> **What you have to do**: In the data, find the word "height" and copy out every line that has it.

--- Provided information ---

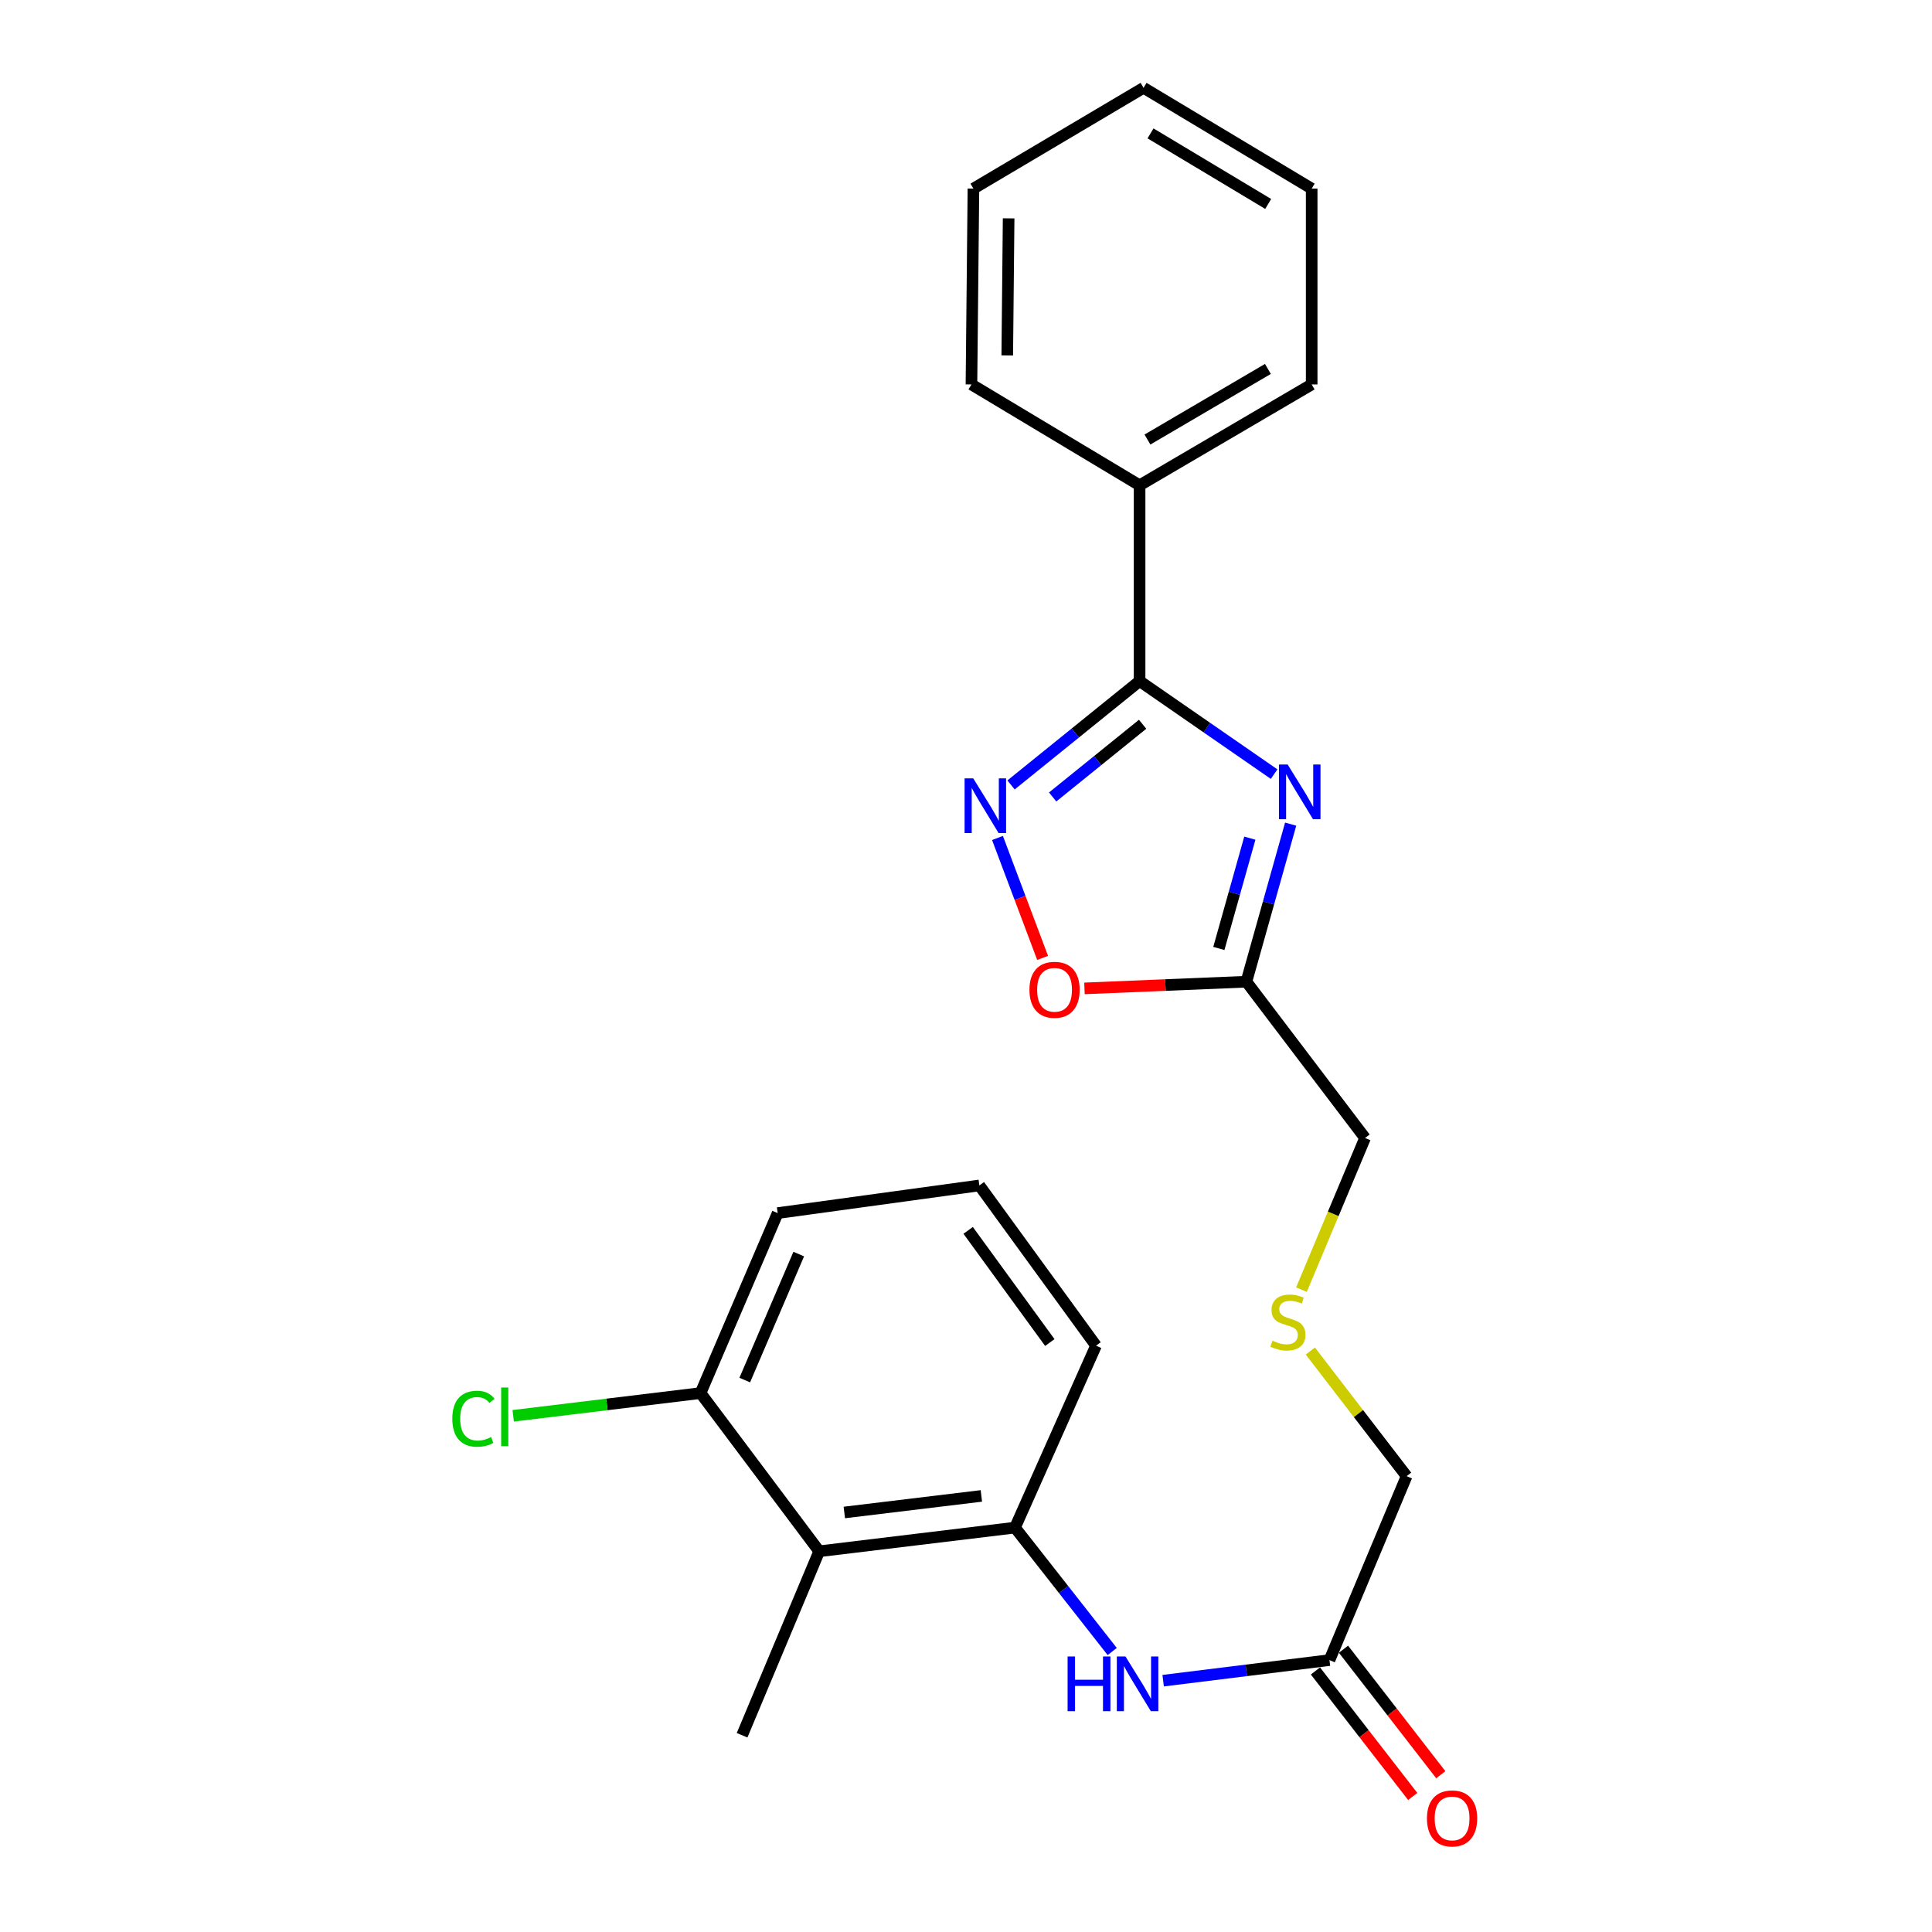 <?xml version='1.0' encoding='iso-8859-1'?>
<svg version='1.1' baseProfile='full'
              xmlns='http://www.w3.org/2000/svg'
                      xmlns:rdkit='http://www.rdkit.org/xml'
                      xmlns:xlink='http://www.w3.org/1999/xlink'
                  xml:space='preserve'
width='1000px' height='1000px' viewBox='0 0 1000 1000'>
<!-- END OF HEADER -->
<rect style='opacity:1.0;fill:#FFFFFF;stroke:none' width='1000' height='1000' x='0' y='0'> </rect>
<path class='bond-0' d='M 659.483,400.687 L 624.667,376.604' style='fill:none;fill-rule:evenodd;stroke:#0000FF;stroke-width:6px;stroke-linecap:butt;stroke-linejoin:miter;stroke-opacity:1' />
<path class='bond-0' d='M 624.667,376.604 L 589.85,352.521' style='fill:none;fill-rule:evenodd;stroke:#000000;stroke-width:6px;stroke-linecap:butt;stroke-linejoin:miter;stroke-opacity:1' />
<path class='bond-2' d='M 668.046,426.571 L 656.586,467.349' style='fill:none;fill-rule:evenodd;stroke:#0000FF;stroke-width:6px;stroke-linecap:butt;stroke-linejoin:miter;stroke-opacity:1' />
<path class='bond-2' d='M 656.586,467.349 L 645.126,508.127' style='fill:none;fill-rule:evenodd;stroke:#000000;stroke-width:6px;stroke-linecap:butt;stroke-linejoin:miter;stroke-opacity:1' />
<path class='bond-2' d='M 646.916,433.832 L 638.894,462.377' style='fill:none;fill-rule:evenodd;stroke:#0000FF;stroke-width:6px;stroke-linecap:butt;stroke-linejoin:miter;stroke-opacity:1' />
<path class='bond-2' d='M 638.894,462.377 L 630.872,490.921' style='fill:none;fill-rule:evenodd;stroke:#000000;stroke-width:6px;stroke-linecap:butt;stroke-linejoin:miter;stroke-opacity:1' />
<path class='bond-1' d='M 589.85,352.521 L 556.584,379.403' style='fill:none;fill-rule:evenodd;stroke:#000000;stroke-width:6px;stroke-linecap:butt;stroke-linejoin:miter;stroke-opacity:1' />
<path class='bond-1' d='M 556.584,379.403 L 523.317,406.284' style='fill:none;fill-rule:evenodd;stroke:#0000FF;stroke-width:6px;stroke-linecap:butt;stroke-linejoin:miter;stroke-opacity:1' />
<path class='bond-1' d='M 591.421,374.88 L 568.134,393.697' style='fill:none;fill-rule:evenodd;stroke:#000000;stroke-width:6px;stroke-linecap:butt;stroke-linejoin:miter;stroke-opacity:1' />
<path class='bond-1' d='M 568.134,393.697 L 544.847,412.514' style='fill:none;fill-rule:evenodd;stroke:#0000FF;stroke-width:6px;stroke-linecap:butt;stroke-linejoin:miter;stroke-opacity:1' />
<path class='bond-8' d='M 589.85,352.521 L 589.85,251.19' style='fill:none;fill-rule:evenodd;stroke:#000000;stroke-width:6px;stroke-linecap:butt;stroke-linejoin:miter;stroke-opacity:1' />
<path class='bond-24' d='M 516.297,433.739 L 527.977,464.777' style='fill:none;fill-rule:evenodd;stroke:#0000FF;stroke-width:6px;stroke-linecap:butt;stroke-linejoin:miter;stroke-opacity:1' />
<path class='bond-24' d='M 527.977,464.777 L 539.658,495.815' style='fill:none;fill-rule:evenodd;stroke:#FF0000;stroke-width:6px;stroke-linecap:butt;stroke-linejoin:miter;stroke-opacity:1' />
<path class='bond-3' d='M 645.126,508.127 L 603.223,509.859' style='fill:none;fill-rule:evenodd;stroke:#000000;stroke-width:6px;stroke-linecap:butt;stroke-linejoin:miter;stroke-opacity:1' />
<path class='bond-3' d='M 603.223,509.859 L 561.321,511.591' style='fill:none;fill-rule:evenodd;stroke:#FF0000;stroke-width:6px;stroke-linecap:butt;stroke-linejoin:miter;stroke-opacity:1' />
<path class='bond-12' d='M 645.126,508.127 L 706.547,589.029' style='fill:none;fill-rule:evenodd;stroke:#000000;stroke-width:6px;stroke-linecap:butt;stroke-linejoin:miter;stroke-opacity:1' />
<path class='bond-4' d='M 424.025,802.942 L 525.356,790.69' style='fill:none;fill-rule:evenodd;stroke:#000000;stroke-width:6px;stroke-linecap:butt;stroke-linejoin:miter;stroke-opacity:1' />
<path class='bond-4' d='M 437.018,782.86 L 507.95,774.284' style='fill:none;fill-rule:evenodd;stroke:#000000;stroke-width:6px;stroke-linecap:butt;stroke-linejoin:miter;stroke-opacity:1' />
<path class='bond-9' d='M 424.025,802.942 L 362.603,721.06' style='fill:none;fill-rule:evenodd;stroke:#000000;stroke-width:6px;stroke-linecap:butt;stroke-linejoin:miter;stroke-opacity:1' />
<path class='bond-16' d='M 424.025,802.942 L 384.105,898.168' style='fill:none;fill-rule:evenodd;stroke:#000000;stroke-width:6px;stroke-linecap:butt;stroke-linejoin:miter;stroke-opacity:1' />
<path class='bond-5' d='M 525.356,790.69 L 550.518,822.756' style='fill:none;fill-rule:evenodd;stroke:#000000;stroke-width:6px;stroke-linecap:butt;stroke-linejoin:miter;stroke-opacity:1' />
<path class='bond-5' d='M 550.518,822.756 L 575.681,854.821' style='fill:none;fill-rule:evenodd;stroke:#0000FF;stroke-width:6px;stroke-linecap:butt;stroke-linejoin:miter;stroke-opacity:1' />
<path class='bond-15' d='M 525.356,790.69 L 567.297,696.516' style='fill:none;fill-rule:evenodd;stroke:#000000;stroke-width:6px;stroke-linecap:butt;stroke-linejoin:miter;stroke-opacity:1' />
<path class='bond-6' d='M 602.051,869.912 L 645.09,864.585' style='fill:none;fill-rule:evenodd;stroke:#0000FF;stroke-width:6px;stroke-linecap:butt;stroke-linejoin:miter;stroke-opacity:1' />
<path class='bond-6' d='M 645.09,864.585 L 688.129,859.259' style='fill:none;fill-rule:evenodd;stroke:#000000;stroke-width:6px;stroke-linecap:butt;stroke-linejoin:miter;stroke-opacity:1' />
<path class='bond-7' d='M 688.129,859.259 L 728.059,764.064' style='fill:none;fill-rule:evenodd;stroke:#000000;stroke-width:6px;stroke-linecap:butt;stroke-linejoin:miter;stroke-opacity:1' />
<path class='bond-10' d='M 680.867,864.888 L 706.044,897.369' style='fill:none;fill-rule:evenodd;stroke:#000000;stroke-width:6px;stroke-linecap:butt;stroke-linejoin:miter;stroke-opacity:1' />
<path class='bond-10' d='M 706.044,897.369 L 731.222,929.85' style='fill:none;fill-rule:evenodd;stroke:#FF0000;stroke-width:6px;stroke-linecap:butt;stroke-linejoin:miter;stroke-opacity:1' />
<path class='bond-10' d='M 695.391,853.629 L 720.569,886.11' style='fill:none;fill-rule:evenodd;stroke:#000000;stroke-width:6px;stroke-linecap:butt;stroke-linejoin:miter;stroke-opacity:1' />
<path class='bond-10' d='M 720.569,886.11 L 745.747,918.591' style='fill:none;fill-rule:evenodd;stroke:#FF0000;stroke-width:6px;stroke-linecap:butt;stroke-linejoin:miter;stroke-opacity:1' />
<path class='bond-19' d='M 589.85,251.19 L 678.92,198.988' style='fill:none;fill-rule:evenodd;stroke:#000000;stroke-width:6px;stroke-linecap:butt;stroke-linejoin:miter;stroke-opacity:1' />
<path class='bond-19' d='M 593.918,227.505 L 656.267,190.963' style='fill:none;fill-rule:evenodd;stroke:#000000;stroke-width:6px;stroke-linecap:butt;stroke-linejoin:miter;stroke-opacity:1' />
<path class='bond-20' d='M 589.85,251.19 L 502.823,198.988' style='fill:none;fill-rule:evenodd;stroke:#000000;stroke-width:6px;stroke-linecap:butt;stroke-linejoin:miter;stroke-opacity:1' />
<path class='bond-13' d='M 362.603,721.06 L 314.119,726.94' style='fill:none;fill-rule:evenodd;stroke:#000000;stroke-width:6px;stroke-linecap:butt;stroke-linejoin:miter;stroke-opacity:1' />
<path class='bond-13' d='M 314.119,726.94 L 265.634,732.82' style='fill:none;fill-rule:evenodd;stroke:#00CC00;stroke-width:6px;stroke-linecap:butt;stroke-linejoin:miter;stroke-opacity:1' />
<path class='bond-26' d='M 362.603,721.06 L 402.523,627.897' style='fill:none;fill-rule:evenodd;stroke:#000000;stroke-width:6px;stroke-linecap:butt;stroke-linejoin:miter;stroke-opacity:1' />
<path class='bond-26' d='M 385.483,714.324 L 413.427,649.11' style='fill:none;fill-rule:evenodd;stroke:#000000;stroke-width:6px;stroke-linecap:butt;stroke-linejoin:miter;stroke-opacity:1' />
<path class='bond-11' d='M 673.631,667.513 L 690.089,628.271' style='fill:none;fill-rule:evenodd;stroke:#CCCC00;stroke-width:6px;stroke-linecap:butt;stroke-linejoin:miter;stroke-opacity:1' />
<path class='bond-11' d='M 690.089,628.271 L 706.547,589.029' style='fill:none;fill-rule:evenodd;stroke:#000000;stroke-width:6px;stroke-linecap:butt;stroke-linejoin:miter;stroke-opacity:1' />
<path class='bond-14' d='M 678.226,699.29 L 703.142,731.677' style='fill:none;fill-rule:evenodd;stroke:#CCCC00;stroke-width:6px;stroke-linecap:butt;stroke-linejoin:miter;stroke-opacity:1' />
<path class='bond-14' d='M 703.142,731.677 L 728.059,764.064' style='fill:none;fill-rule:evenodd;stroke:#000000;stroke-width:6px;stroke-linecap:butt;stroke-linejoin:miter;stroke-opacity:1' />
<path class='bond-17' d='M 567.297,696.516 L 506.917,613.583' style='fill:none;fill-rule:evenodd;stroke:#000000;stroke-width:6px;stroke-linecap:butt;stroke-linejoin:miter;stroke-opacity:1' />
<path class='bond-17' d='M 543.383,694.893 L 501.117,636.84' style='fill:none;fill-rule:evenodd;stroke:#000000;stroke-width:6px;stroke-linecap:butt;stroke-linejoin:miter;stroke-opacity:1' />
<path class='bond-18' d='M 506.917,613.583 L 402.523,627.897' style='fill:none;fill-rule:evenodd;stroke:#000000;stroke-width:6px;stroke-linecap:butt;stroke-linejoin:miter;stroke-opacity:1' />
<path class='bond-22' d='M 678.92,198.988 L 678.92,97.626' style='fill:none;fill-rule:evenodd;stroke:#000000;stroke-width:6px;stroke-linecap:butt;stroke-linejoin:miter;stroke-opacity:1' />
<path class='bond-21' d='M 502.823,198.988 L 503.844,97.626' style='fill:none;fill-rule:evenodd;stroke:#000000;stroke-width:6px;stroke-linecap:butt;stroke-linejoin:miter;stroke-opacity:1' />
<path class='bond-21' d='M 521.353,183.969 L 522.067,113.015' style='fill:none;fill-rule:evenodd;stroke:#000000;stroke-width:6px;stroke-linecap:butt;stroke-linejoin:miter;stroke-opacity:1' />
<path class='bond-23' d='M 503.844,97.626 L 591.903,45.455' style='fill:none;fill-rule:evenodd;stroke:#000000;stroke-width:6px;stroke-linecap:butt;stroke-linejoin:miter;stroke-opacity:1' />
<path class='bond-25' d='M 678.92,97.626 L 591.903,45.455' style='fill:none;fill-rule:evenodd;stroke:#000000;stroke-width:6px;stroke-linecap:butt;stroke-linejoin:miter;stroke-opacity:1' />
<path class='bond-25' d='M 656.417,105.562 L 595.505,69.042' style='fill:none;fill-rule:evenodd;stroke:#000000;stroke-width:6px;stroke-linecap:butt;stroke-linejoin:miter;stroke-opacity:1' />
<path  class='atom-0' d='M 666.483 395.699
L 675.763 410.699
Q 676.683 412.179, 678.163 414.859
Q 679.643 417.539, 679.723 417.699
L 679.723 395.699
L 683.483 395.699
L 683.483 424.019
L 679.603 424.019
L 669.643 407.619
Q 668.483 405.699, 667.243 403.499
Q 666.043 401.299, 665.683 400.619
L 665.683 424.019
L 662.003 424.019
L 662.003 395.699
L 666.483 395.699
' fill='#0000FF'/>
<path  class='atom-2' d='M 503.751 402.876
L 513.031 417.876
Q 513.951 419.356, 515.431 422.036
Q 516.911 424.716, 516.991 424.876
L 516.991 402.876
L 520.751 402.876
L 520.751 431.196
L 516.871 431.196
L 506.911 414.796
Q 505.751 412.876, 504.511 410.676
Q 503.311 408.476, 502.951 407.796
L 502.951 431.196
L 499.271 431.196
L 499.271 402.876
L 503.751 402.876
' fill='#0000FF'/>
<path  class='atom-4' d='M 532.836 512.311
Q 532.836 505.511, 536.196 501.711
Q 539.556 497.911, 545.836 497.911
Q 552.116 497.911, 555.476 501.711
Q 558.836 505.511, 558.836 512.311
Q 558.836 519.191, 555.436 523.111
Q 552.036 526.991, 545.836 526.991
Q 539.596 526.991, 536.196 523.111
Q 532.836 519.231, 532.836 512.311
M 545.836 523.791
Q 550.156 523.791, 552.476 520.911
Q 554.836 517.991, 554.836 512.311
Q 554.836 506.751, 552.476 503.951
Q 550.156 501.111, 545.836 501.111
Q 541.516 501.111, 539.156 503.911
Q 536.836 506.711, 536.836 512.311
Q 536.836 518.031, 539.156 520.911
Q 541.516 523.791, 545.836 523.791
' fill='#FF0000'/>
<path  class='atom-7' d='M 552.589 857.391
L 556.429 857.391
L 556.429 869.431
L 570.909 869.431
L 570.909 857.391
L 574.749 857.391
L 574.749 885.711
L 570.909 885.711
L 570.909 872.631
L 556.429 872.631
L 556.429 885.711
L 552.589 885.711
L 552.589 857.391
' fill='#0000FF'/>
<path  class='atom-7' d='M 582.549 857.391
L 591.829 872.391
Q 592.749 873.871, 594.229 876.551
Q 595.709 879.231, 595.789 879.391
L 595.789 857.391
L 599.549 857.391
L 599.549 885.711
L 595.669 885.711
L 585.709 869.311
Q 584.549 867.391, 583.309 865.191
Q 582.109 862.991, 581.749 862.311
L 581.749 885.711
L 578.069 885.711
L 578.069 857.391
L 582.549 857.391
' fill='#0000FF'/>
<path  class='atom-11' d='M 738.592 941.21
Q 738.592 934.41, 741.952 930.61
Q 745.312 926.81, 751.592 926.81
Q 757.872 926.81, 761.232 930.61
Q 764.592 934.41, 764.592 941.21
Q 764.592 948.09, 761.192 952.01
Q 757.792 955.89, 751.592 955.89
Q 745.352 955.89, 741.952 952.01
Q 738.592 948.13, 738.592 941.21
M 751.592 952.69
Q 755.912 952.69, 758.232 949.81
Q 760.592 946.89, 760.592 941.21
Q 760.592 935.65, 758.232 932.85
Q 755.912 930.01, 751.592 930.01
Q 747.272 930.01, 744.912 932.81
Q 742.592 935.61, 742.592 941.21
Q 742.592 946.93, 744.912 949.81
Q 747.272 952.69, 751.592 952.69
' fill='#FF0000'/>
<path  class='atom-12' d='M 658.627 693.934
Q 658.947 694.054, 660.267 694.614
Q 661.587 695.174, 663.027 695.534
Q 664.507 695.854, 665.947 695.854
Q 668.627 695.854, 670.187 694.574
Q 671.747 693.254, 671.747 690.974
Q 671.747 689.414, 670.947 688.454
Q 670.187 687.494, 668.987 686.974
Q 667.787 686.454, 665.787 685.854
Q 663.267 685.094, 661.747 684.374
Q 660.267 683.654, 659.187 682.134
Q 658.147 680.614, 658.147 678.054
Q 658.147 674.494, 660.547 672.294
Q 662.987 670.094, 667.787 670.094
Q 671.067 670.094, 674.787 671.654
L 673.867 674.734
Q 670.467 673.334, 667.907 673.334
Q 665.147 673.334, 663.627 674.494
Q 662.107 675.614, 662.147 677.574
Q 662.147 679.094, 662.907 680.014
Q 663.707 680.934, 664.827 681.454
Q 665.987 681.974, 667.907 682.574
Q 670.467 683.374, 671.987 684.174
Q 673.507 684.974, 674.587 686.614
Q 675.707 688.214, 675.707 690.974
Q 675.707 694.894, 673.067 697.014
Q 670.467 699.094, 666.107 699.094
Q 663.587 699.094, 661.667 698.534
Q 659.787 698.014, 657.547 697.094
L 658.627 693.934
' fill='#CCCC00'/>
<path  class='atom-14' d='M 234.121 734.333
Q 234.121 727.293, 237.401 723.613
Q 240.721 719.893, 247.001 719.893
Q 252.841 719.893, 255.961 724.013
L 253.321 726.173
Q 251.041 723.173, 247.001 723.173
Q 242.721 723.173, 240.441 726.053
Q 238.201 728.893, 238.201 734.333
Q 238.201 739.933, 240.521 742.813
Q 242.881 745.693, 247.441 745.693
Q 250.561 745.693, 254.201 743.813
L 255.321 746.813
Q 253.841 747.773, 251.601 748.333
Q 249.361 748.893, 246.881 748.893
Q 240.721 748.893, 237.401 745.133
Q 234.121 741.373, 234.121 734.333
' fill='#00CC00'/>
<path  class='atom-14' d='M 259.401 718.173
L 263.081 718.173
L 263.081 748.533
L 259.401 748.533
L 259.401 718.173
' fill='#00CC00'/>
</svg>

---

> **Task result**:
width='1000px' height='1000px' viewBox='0 0 1000 1000'>
<rect style='opacity:1.0;fill:#FFFFFF;stroke:none' width='1000' height='1000' x='0' y='0'> </rect>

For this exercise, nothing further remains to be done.